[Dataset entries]

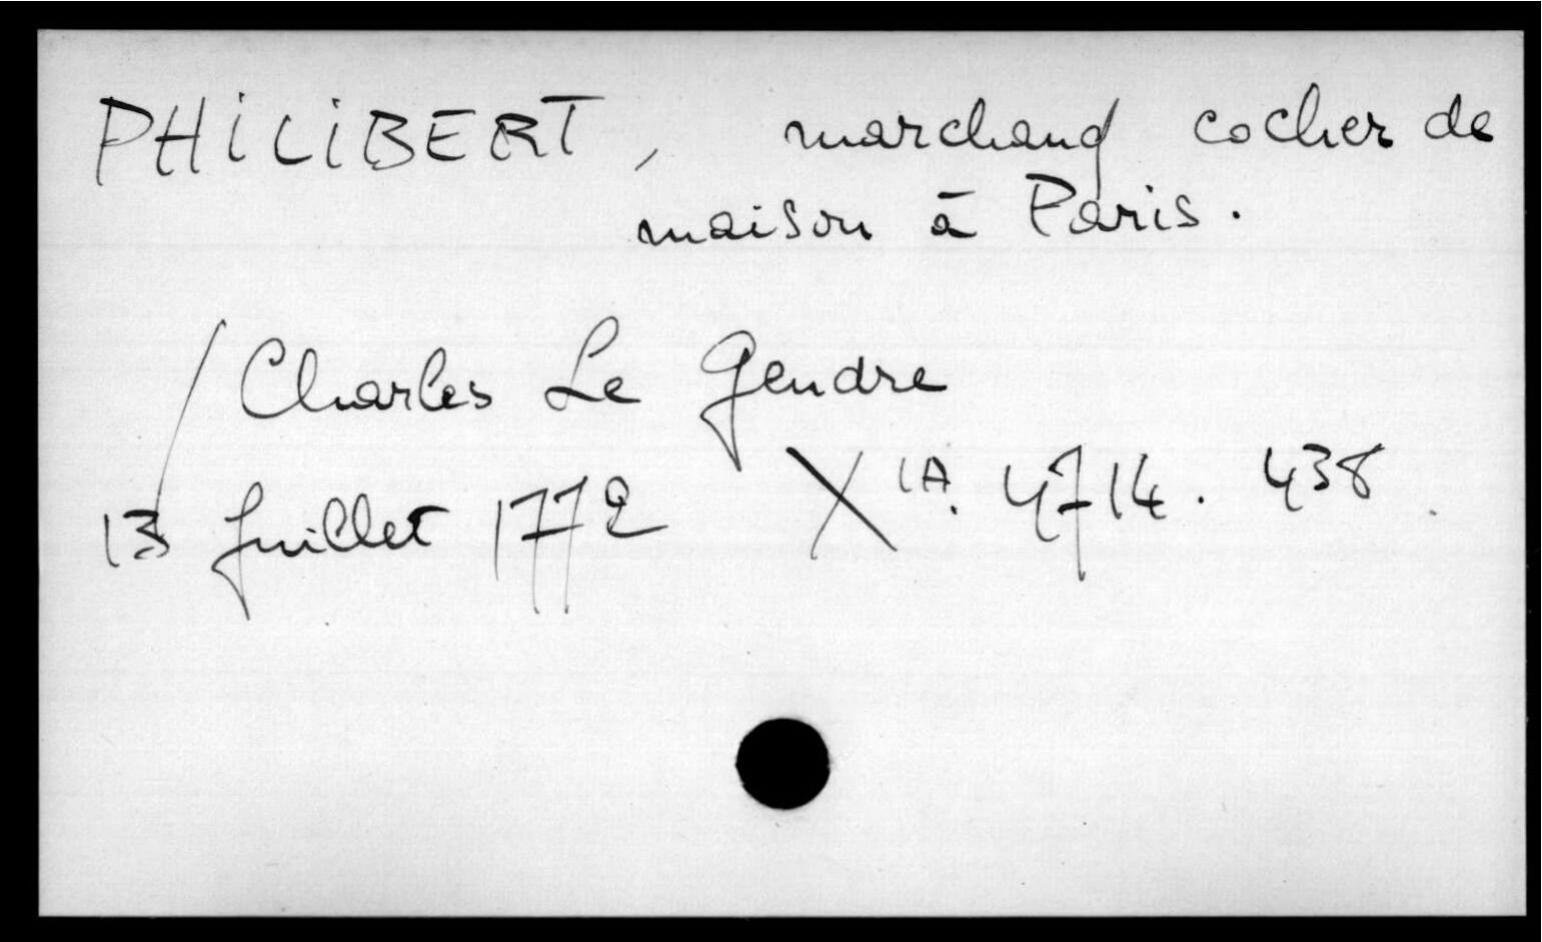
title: PHILIBERT, marchand cocher de maison à Paris.
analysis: Contre Charles Le Gendre
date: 13 juillet 1772
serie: X1A
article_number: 4714
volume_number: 438
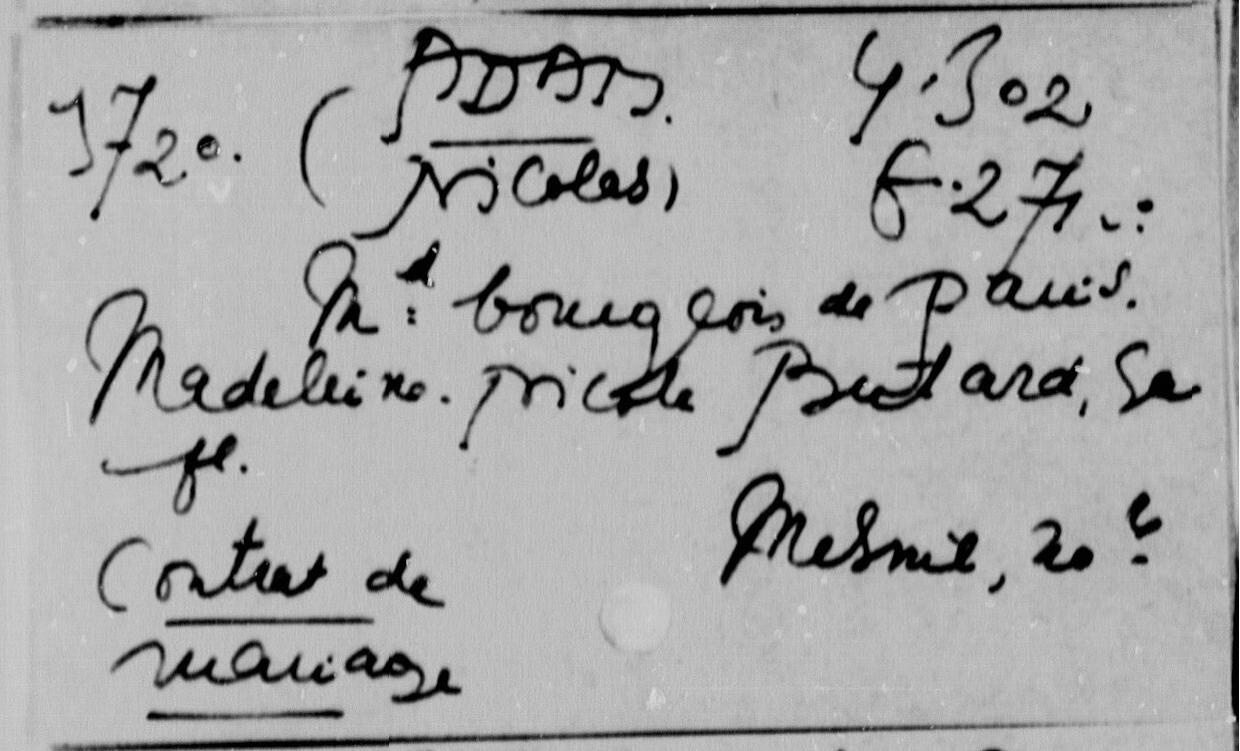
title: ADAM (Nicolas)
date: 1720
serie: Y
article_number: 302
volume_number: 271v
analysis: Marchand bourgeois de Paris. Madeleine-Nicole BUTARD, sa femme. Contrat de mariage. Mesnil, notaire.
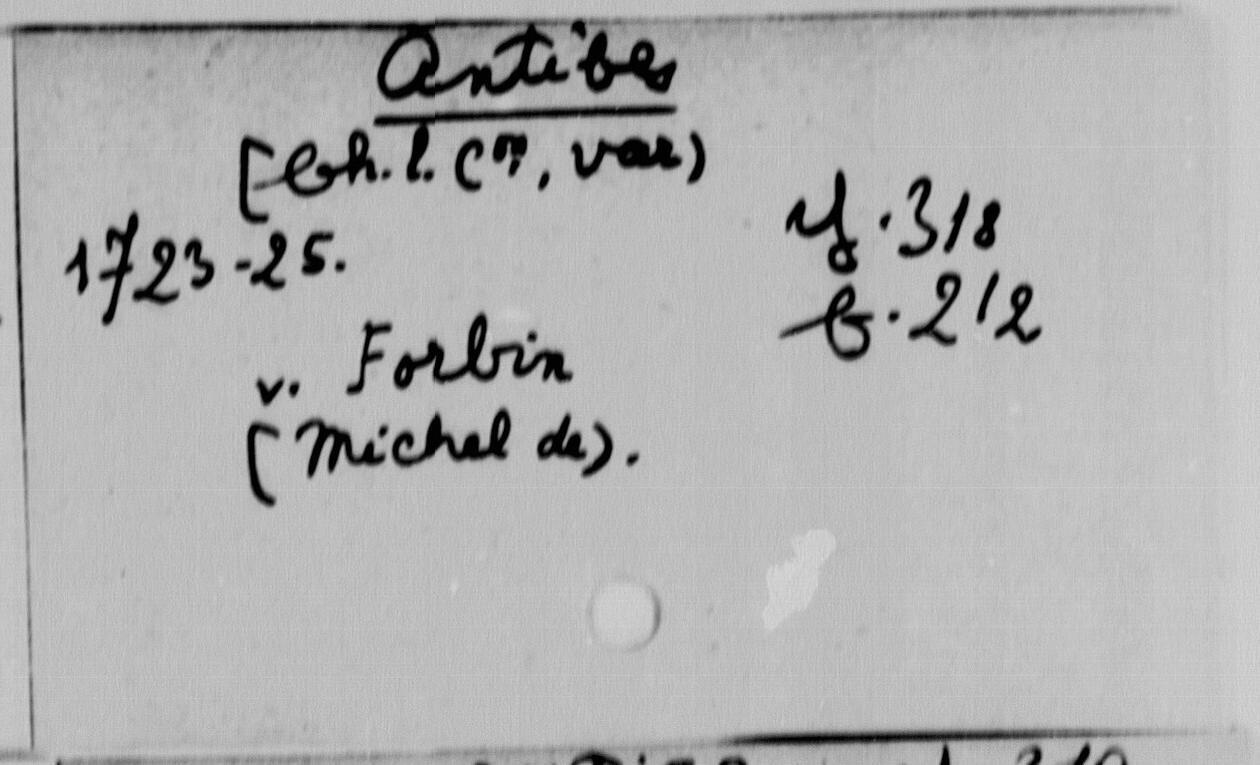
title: ANTIBES (chef-lieu de canton, département du Var)
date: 1723-1725
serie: Y
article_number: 318
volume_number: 212
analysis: Voir FORBIN (Michel de)

=== EXERCISE REQUIREMENTS ===
With pictures excluded, the lines running from the one containing "article_number: 302" through the last line of the records above are to be restated exactly and in full.

=== OUTPUT OF THE TASK ===
article_number: 302
volume_number: 271v
analysis: Marchand bourgeois de Paris. Madeleine-Nicole BUTARD, sa femme. Contrat de mariage. Mesnil, notaire.
title: ANTIBES (chef-lieu de canton, département du Var)
date: 1723-1725
serie: Y
article_number: 318
volume_number: 212
analysis: Voir FORBIN (Michel de)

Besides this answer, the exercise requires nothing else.